The second ground upon which the Maine court distinguished Winship was based upon its conclusion that the crime with which petitioner was charged was "felonious homicide," and that malice aforethought was not an essential ingredient of that crime, but merely determined the degree of the offense. The term "felonious homicide," however, has never appeared in the Maine criminal statutes. Under the Maine statutory scheme an unlawful killing may be either murder or manslaughter. The statutory definition of murder is:

Whoever unlawfully kills a human being with malice aforethought, either express or implied, is guilty of murder and shall be punished by imprisonment for life. 17 M.R.S.A. § 2651. (Emphasis supplied.)

The statutory definition of manslaughter, insofar as presently relevant, is:

Whoever unlawfully kills a human being in the heat of passion, on sudden provocation, without express or implied malice aforethought, . . . shall be punished by a fine of not more than $1,000 or imprisonment for not more than 20 years. . . . 17 M.R.S.A. § 2551. (Emphasis supplied.)

The Maine statutes thus define two separate and distinct crimes of murder and manslaughter, each with its own elements and sentence. Malice aforethought is made the distinguishing element of the offense of murder, and it is expressly excluded as an element of the offense of manslaughter. For a person to be guilty of murder, malice aforethought, either express or implied, must be found. State v. Merry, 136 Me. 243, 247 (1939)3. It is undeniably an essential element of the crime of murder and as such, under the rule of In re Winship, must be proved by the prosecution beyond a reasonable doubt.

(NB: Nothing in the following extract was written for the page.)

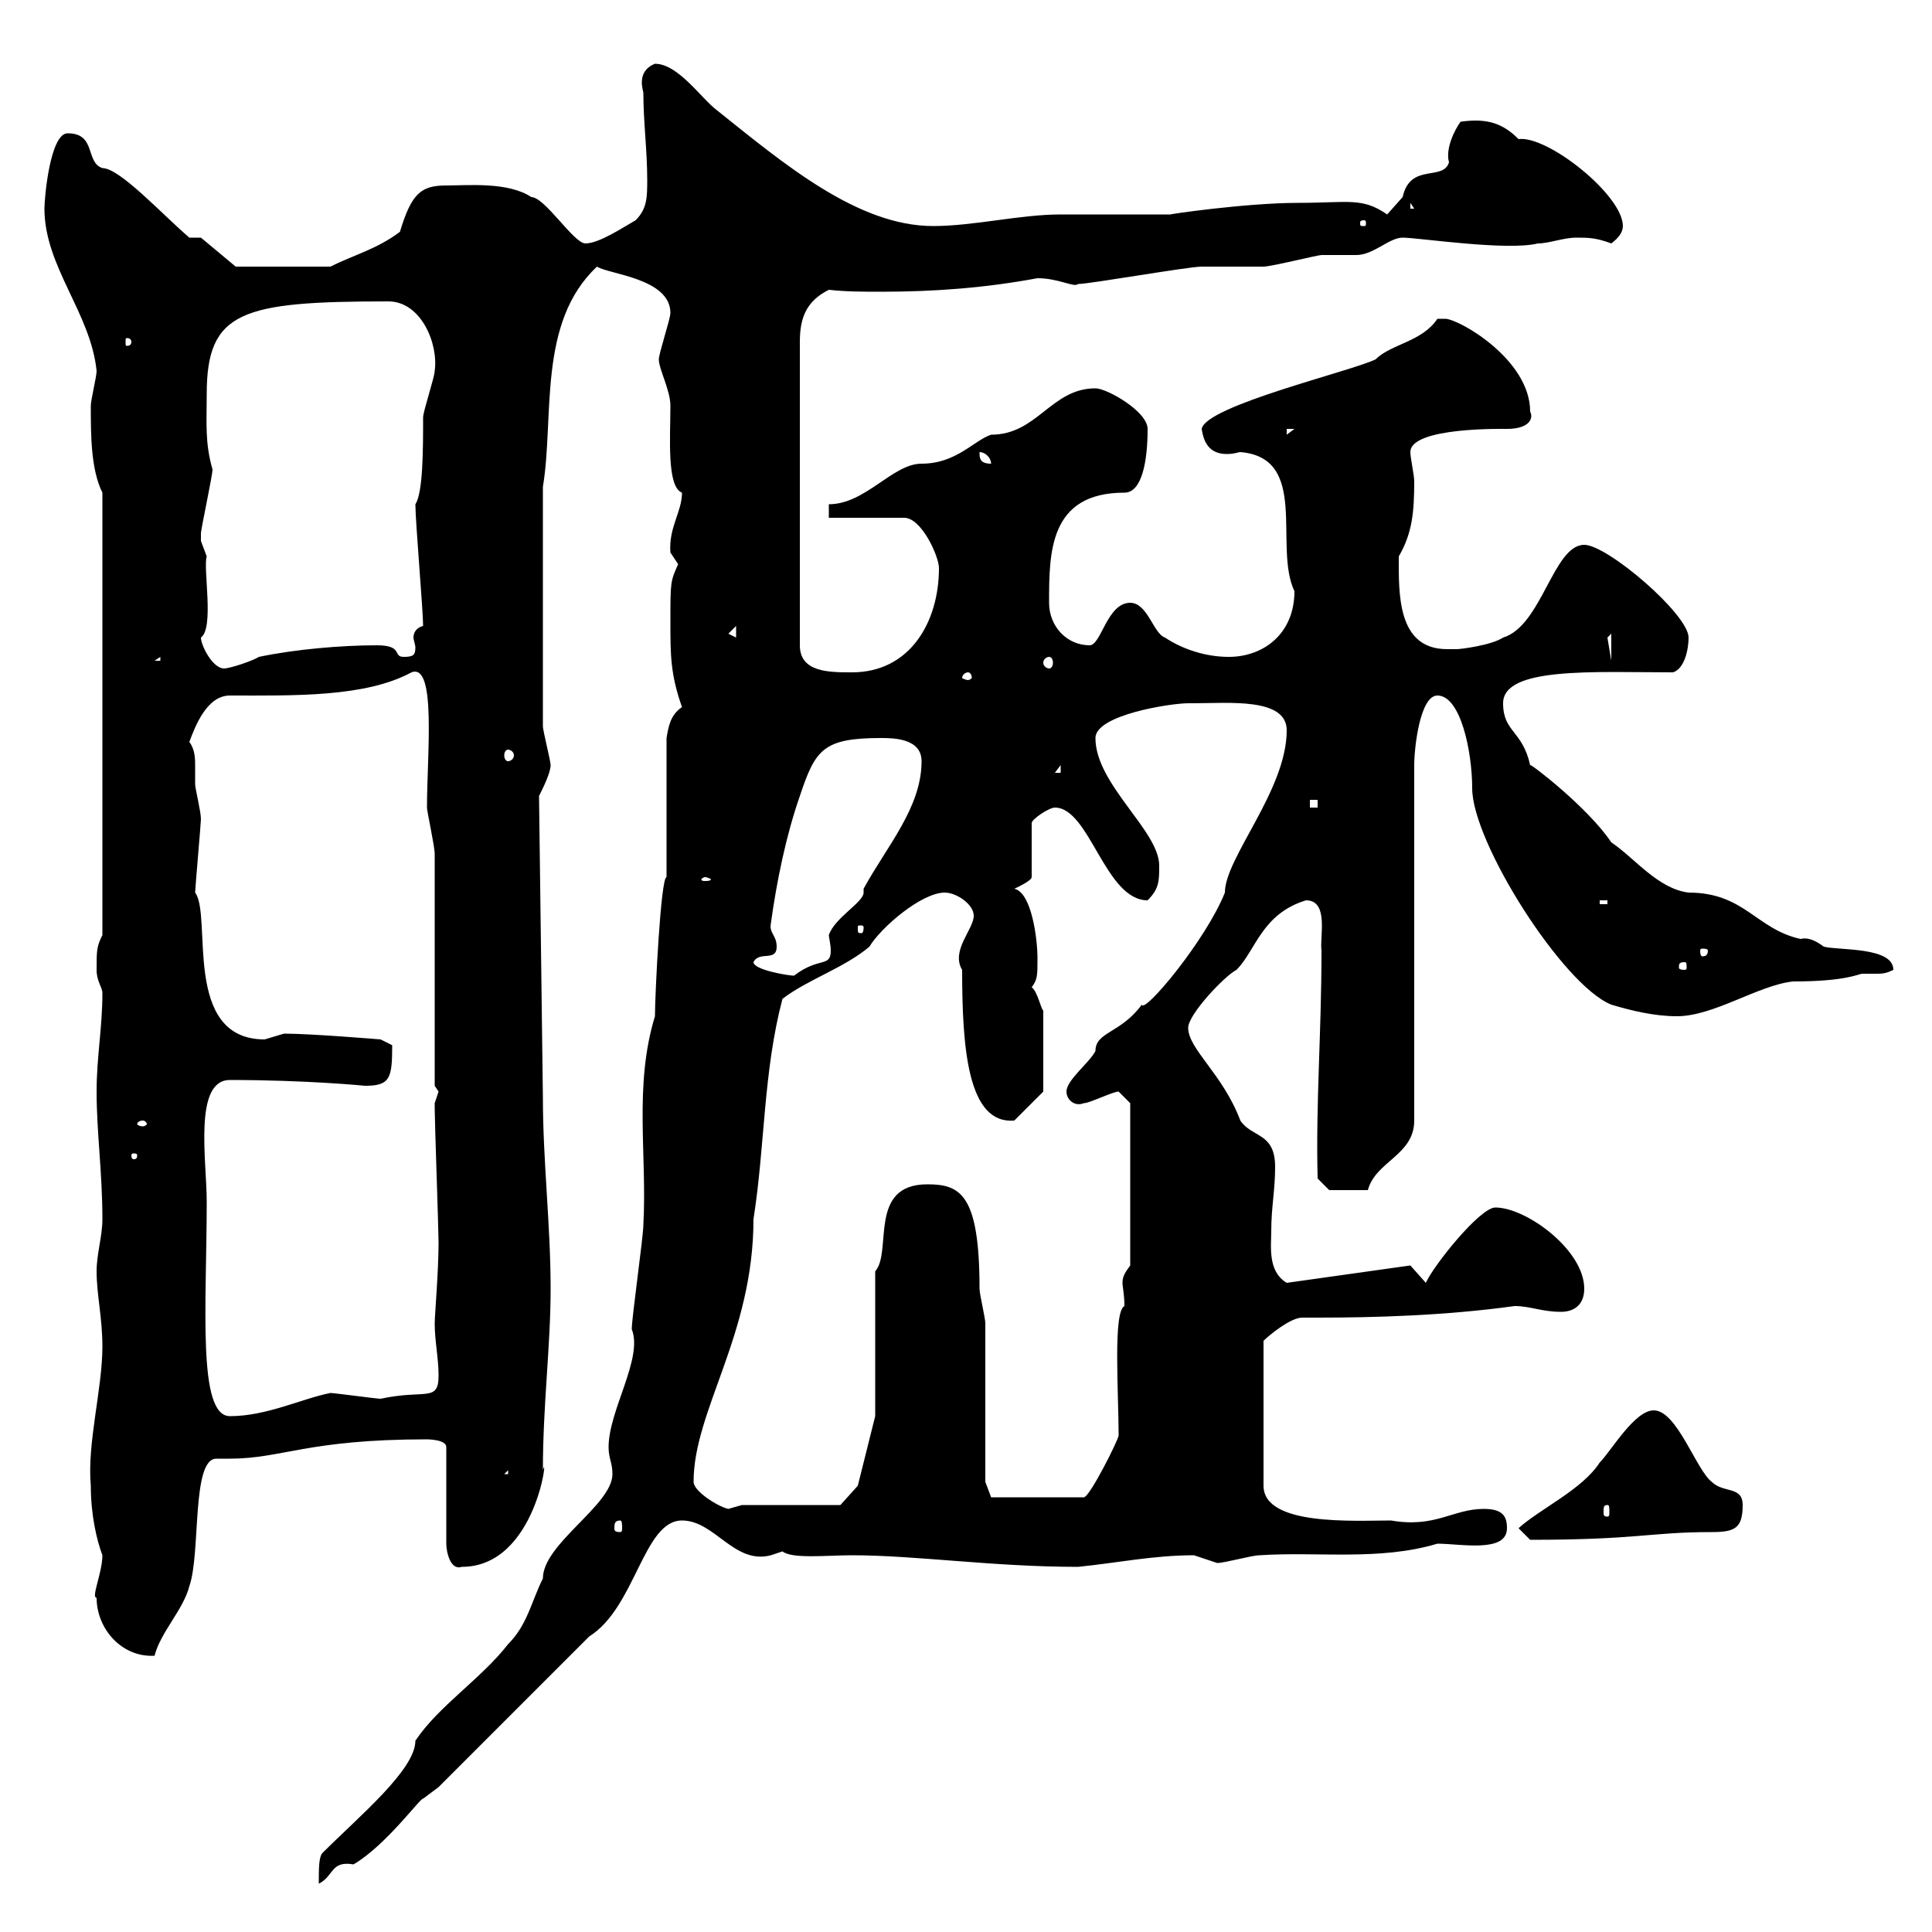 <svg xmlns="http://www.w3.org/2000/svg" xmlns:xlink="http://www.w3.org/1999/xlink" width="300" height="300"><path d="M50.10 287.70C49.50 288.30 49.50 290.10 49.50 292.50C51.90 291.30 51.30 288.90 54.90 289.50C60 286.50 65.40 279 65.70 279.30C65.70 279.30 68.10 277.50 68.10 277.50L91.50 254.10C98.70 249.60 99.90 236.10 105.90 236.10C111 236.10 114 243 119.70 241.50C119.70 241.50 121.50 240.90 121.50 240.90C123 242.10 128.40 241.50 132.30 241.50C142.20 241.50 154.20 243.30 167.40 243.30C173.40 242.70 179.10 241.50 185.40 241.50C185.40 241.50 189 242.70 189 242.70C190.20 242.70 194.40 241.50 195.60 241.50C204.60 240.90 214.20 242.40 223.20 239.70C226.80 239.70 234 241.20 234 237.30C234 235.50 233.40 234.30 230.40 234.30C225.60 234.30 222.90 237.30 216 236.10C210.30 236.10 196.20 237 196.20 230.70L196.20 208.20C197.10 207.30 200.40 204.60 202.20 204.60C202.80 204.60 204 204.60 204.60 204.60C213.30 204.60 224.40 204.30 235.20 202.80C237.60 202.80 239.40 203.70 242.40 203.70C244.20 203.70 246 202.80 246 200.10C246 194.10 237 187.50 232.20 187.50C229.80 187.50 222.60 196.50 221.40 199.20L219 196.50L199.80 199.20C196.80 197.40 197.40 193.50 197.40 191.10C197.40 187.50 198 184.80 198 181.20C198 175.80 194.40 176.70 192.60 174C189.90 166.80 184.50 162.90 184.50 159.60C184.50 157.50 190.20 151.50 192 150.60C195 147.60 195.90 141.90 202.80 139.80C206.40 139.80 204.90 145.50 205.20 147.60C205.20 160.50 204.30 171.30 204.60 183L206.40 184.80L212.40 184.80C213.60 180.30 219.60 179.40 219.60 174L219.60 118.80C219.60 116.10 220.50 108 223.20 108C226.80 108 228.60 116.70 228.60 122.40C228.60 130.80 242.70 153 250.20 156C253.20 156.90 256.80 157.80 260.40 157.80C266.10 157.80 273 153 278.40 152.40C286.80 152.40 288.60 151.20 289.20 151.20C289.80 151.20 290.70 151.20 291.30 151.20C292.20 151.20 292.80 151.20 294 150.60C294 147 285.60 147.60 283.20 147C282 146.10 280.80 145.50 279.60 145.80C272.70 144.30 270.90 138.60 262.20 138.60C257.40 138 253.80 133.20 250.20 130.80C246.60 125.40 237.60 118.50 237.60 118.80C236.40 113.40 233.40 113.70 233.40 109.20C233.40 103.50 247.50 104.40 259.80 104.40C261.60 103.80 262.20 100.80 262.20 99C262.20 95.40 249.60 84.60 246 84.60C241.20 84.60 239.40 97.20 233.40 99C231.60 100.20 226.80 100.80 226.20 100.80C225.60 100.80 225 100.80 224.70 100.80C216.90 100.80 217.20 92.10 217.20 86.40C219.30 82.80 219.60 79.50 219.60 74.70C219.60 73.80 219 71.10 219 70.20C219 66.30 233.40 66.60 234 66.60C237.30 66.60 238.20 65.10 237.60 63.90C237.60 55.80 226.50 49.50 224.40 49.50C224.40 49.50 224.40 49.50 223.20 49.50C220.80 53.10 216 53.40 213.60 55.80C210 57.60 187.20 63 186.60 66.60C186.90 68.70 187.80 70.50 190.50 70.50C191.70 70.50 192.30 70.20 192.60 70.20C203.40 71.10 197.70 84.90 201 91.80C201 98.40 196.20 102 190.80 102C187.20 102 183.60 100.80 180.90 99C179.10 98.40 178.20 93.60 175.50 93.60C171.90 93.60 171 100.20 169.20 100.20C165.60 100.20 162.90 97.20 162.90 93.60C162.90 85.80 162.90 76.50 174.60 76.50C177.30 76.50 178.20 71.70 178.20 66.60C178.20 63.90 171.90 60.30 170.10 60.30C163.20 60.30 161.10 67.50 153.90 67.50C151.20 68.40 148.50 72 143.10 72C138.60 72 134.40 78.30 128.70 78.30L128.70 80.40L140.40 80.40C143.10 80.40 145.80 86.40 145.80 88.20C145.80 96.60 141.30 104.40 132.30 104.40C128.70 104.40 124.20 104.40 124.20 100.20L124.20 53.10C124.20 49.50 125.10 46.80 128.70 45C131.40 45.30 134.10 45.30 136.80 45.30C145.20 45.30 153 44.70 161.10 43.20C164.40 43.20 166.80 44.70 167.40 44.10C169.20 44.10 184.50 41.40 186.60 41.40C187.20 41.40 195.60 41.40 196.20 41.40C197.40 41.40 204.60 39.60 205.20 39.60C206.40 39.60 210 39.60 210.60 39.60C213.30 39.60 215.70 36.90 217.80 36.90C220.20 36.90 234 39 238.80 37.80C240.60 37.80 242.70 36.90 244.80 36.90C246.60 36.90 247.80 36.90 250.20 37.80C251.40 36.90 252 36 252 35.10C252 30.30 240.30 21 235.80 21.60C233.40 19.20 231 18.30 226.80 18.90C225.90 20.10 224.40 23.10 225 25.20C224.10 28.20 219 25.20 217.80 30.60C217.80 30.60 215.40 33.30 215.40 33.30C211.50 30.60 209.40 31.50 201.60 31.50C193.50 31.50 181.20 33.30 181.80 33.30C179.10 33.30 167.40 33.30 164.70 33.30C158.40 33.30 151.20 35.10 144.90 35.10C133.20 35.10 121.80 25.50 111.30 17.10C108.90 15.30 105.30 9.90 101.70 9.90C98.70 11.10 99.90 14.10 99.90 14.40C99.90 18.90 100.50 23.40 100.50 27.90C100.50 30.60 100.50 32.40 98.70 34.20C96.60 35.40 93 37.80 90.90 37.80C89.10 37.80 84.60 30.60 82.50 30.60C78.90 28.20 72.60 28.80 69.30 28.80C65.40 28.80 63.90 30 62.10 36C58.50 38.70 54.90 39.60 51.30 41.40L36.60 41.40L31.20 36.90L29.40 36.90C25.20 33.30 18.60 26.10 15.90 26.10C13.20 25.20 15 20.70 10.50 20.70C7.80 20.70 6.90 30.60 6.90 32.40C6.90 41.40 14.10 48.60 15 57.60C15 58.50 14.10 62.10 14.10 63C14.10 67.50 14.10 72.90 15.90 76.50L15.90 145.20C15 147 15 147.60 15 150.60C15 152.40 15.90 153.30 15.90 154.20C15.90 159.60 15 164.10 15 169.50C15 175.80 15.90 182.10 15.90 189.30C15.90 192 15 194.70 15 197.40C15 201 15.90 204.60 15.90 209.10C15.90 215.70 13.50 224.10 14.10 230.70C14.10 235.20 15 239.10 15.90 241.50C15.90 244.20 14.10 248.10 15 248.10C15 252.90 18.90 257.40 24 257.10C24.90 253.50 28.50 249.90 29.40 246.30C31.20 241.20 29.70 226.50 33.60 226.50C34.20 226.50 35.10 226.50 35.70 226.50C43.80 226.50 47.70 223.50 66.30 223.50C66.30 223.50 69.30 223.50 69.30 224.70L69.30 239.70C69.30 240.90 69.90 243.90 71.70 243.30C83.40 243.30 85.20 224.70 84.30 228.30C84.30 218.10 85.50 209.10 85.50 200.10C85.50 190.20 84.30 180.30 84.30 170.40L83.70 123.60C84.30 122.40 85.50 120 85.50 118.80C85.50 118.20 84.30 113.40 84.30 112.80L84.30 75.60C86.10 64.80 83.40 50.10 92.70 41.40C94.50 42.60 104.10 43.20 104.10 48.60C104.10 49.50 102.30 54.90 102.30 55.80C102.30 57.30 104.10 60.60 104.10 63C104.10 67.80 103.50 75.60 105.90 76.50C105.90 79.50 103.80 81.90 104.10 85.80C104.10 85.80 105.30 87.60 105.30 87.60C104.10 90.30 104.10 90.30 104.10 96.60C104.10 101.70 104.10 104.70 105.90 109.80C104.10 111 103.80 112.80 103.50 114.60L103.50 136.20C102.60 136.20 101.70 154.50 101.70 157.80C98.40 168.60 100.50 179.40 99.90 190.20C99.90 192 98.10 204.60 98.10 206.40C99.90 210.90 94.50 219 94.50 224.70C94.50 226.50 95.10 227.10 95.10 228.90C95.10 233.70 84.30 239.70 84.30 245.10C82.50 248.70 81.90 252.30 78.90 255.30C74.70 260.70 68.10 264.90 64.50 270.30C64.50 274.80 55.80 282 50.10 287.70ZM235.80 237.30L237.60 239.10C254.40 239.10 256.20 237.90 265.80 237.90C269.40 237.90 270.60 237.30 270.60 233.70C270.60 230.70 267.60 231.90 265.80 230.10C263.40 228.30 260.40 219 256.80 219C253.80 219 250.20 225.30 248.40 227.10C245.70 231.30 239.10 234.30 235.80 237.30ZM96.30 236.10C96.60 236.10 96.60 236.70 96.60 237.30C96.60 237.60 96.60 237.90 96.30 237.90C95.40 237.90 95.40 237.60 95.40 237.30C95.40 236.70 95.40 236.10 96.30 236.10ZM107.70 230.10C107.70 219 117 207.30 117 189.30C118.80 177.90 118.50 166.50 121.50 155.10C125.40 152.10 131.10 150.30 135 147C136.80 144 143.10 138.60 146.70 138.60C148.50 138.60 151.20 140.40 151.20 142.20C151.20 144.30 147.60 147.60 149.40 150.60C149.40 162.90 150.30 174.60 157.50 174L162 169.50C162 168.30 162 160.50 162 156.90C161.70 156.90 161.10 153.90 160.20 153.30C161.10 152.10 161.10 151.50 161.10 148.80C161.10 145.80 160.20 138.60 157.50 138C157.50 138 160.20 136.80 160.20 136.20L160.20 127.80C160.20 127.20 162.90 125.40 163.80 125.40C169.20 125.40 171.60 139.80 178.20 139.80C180 138 180 136.80 180 134.40C180 129 170.10 121.80 170.10 114.60C170.10 111 181.80 109.20 184.50 109.20C184.50 109.20 185.40 109.20 185.40 109.20C190.80 109.20 199.80 108.30 199.80 113.40C199.80 122.70 190.20 133.20 190.20 138.60C187.20 146.10 177.60 157.50 177.30 156C174 160.50 170.10 160.20 170.10 163.20C169.20 165 165.60 167.70 165.60 169.50C165.60 170.70 166.80 171.90 168.30 171.30C169.20 171.30 172.80 169.50 173.70 169.50L175.50 171.30L175.50 196.50C174.60 197.70 174.30 198.30 174.30 199.20C174.30 199.80 174.60 201 174.60 202.80C172.80 203.70 173.70 216.30 173.70 222.90C173.70 223.50 169.20 232.50 168.30 232.50L153.90 232.50L153 230.10C153 226.50 153 209.10 153 205.50C153 204.60 152.10 201 152.10 200.10C152.10 185.40 149.10 183.90 144 183.90C134.70 183.90 138.60 194.40 135.90 197.40L135.90 219.90L133.20 230.70L130.50 233.70L115.20 233.70L113.10 234.30C111.60 234 107.70 231.60 107.70 230.10ZM249.60 233.70C249.90 233.70 249.90 234 249.90 234.90C249.90 235.20 249.90 235.50 249.60 235.50C249 235.50 249 235.20 249 234.90C249 234 249 233.70 249.60 233.70ZM78.90 228.30L78.90 228.90L78.30 228.90ZM32.10 186.60C32.10 180.30 30 167.70 35.70 167.70C47.70 167.70 56.70 168.60 56.70 168.60C60.60 168.60 60.90 167.40 60.90 162.30L59.10 161.40C59.10 161.40 48.30 160.50 44.10 160.50C44.10 160.50 41.10 161.40 41.10 161.40C28.20 161.40 33 142.20 30.30 138.60C30.30 138 31.20 127.80 31.20 127.20C31.20 126 30.30 122.40 30.30 121.80C30.30 120.90 30.30 120 30.30 118.80C30.30 117.90 30.30 116.40 29.40 115.20C30.30 112.80 32.10 108 35.70 108C45.60 108 56.70 108.30 63.90 104.40C67.80 102.90 66.30 117.30 66.30 125.40C66.30 126 67.50 131.40 67.50 132.60L67.50 168.60C67.50 168.60 68.10 169.50 68.10 169.50C68.10 169.50 67.50 171.30 67.50 171.30C67.50 172.20 67.50 172.20 67.50 172.20C67.50 174 68.10 191.10 68.10 192.90C68.10 197.40 67.50 204.30 67.50 205.50C67.50 208.20 68.10 210.90 68.10 213.60C68.10 217.80 66 215.70 59.10 217.20C58.50 217.20 51.90 216.30 51.30 216.30C46.80 217.20 41.40 219.90 35.70 219.90C30.60 219.90 32.10 202.50 32.10 186.60ZM21.30 179.40C21.30 180 21 180 20.70 180C20.70 180 20.40 180 20.40 179.40C20.40 179.10 20.70 179.10 20.70 179.10C21 179.10 21.30 179.10 21.30 179.40ZM22.20 174C22.50 174 22.80 174.30 22.80 174.60C22.80 174.60 22.50 174.90 22.20 174.90C21.60 174.90 21.30 174.60 21.30 174.60C21.30 174.30 21.60 174 22.20 174ZM117 149.40C117.90 147.60 120.60 149.40 120.60 147C120.60 145.20 119.40 144.90 119.70 143.40C120.60 136.80 122.10 129.60 124.20 123.60C126.60 116.40 127.80 114.60 136.80 114.60C138.60 114.60 143.10 114.60 143.10 118.20C143.10 125.40 137.70 131.40 134.10 138C134.10 138.30 134.10 138.30 134.10 138.60C134.10 140.10 129.60 142.50 128.70 145.20C128.70 145.50 129 146.70 129 147.60C129 150.30 127.20 148.50 123.30 151.50C122.40 151.50 117 150.60 117 149.40ZM261.60 149.40C261.90 149.40 261.90 149.70 261.90 150.30C261.90 150.30 261.90 150.60 261.60 150.60C260.70 150.60 260.70 150.30 260.70 150.30C260.70 149.70 260.70 149.40 261.60 149.40ZM265.20 147.60C265.20 148.50 264.60 148.50 264.30 148.50C264.30 148.50 264 148.50 264 147.60C264 147.30 264.30 147.30 264.30 147.30C264.60 147.30 265.20 147.30 265.20 147.60ZM134.10 144C134.10 144.90 133.80 144.90 133.80 144.90C133.20 144.90 133.20 144.90 133.20 144C133.20 143.70 133.20 143.70 133.80 143.70C133.80 143.70 134.10 143.70 134.10 144ZM248.40 139.80L249.60 139.80L249.60 140.40L248.40 140.40ZM109.50 136.20C109.80 136.20 110.40 136.50 110.40 136.50C110.40 136.80 109.80 136.80 109.50 136.80C109.20 136.80 108.90 136.80 108.90 136.50C108.90 136.50 109.20 136.20 109.50 136.20ZM203.40 124.20L204.60 124.20L204.60 125.40L203.40 125.40ZM164.70 118.80L164.70 120L163.80 120ZM78.90 116.40C79.20 116.40 79.80 116.70 79.80 117.30C79.80 117.90 79.20 118.20 78.90 118.20C78.60 118.20 78.30 117.90 78.30 117.30C78.30 116.70 78.60 116.40 78.90 116.40ZM150.30 104.40C150.60 104.40 150.90 104.70 150.90 105.30C150.90 105.30 150.60 105.60 150.30 105.60C150 105.60 149.40 105.30 149.40 105.30C149.40 104.70 150 104.40 150.30 104.40ZM31.20 99C33.30 97.50 31.50 88.20 32.10 86.40C32.10 86.40 31.20 84 31.20 84C31.20 82.80 31.20 82.80 31.20 82.80C31.20 82.20 33 73.80 33 72.90C31.80 68.70 32.10 65.70 32.10 61.20C32.10 48.30 37.50 46.80 60.30 46.80C65.40 46.80 68.10 53.40 67.50 57.60C67.50 58.50 65.70 63.90 65.70 64.80C65.70 69.60 65.70 76.50 64.50 78.30C64.50 81 65.70 94.80 65.70 97.20C64.50 97.50 64.20 98.40 64.20 99C64.20 99.30 64.50 100.20 64.50 100.50C64.50 101.70 64.20 102 62.70 102C60.90 102 62.70 100.20 58.50 100.20C53.10 100.20 45.90 100.80 40.20 102C39.30 102.60 35.70 103.80 34.80 103.80C33 103.80 31.20 100.20 31.20 99ZM162.90 102C163.20 102 163.50 102.30 163.50 102.90C163.50 103.50 163.20 103.80 162.90 103.80C162.60 103.80 162 103.50 162 102.90C162 102.30 162.60 102 162.90 102ZM24.90 102L24.90 102.60L24 102.60ZM250.20 98.40L250.20 102.60L249.60 99ZM114.30 97.20L114.30 99L113.10 98.40ZM152.10 70.20C153 70.20 153.90 71.10 153.90 72C152.10 72 152.10 71.10 152.10 70.20ZM199.80 66.60L201 66.60L199.80 67.50ZM20.40 53.10C20.40 53.70 19.80 53.70 19.80 53.70C19.50 53.70 19.50 53.70 19.50 53.10C19.50 52.50 19.50 52.50 19.80 52.50C19.80 52.50 20.40 52.50 20.40 53.10ZM211.80 34.20C212.10 34.20 212.10 34.50 212.10 34.50C212.10 35.10 212.10 35.10 211.80 35.10C211.20 35.10 211.20 35.10 211.20 34.50C211.20 34.50 211.20 34.20 211.80 34.20ZM219 31.50L219.60 32.40L219 32.40Z"/></svg>

The Maine court also sought to justify the presumption of malice as reflecting "the public interest in the administration of justice" and as recognizing "the practical impossibility in a vast number of cases of meeting a mere suggestion of sudden provocation and heat of passion by negating proof beyond a reasonable doubt." State v. Wilbur, supra, 278 A.2d at 1454. But the Supreme Court has made clear the limited circumstances in which a presumption in a criminal case can pass constitutional...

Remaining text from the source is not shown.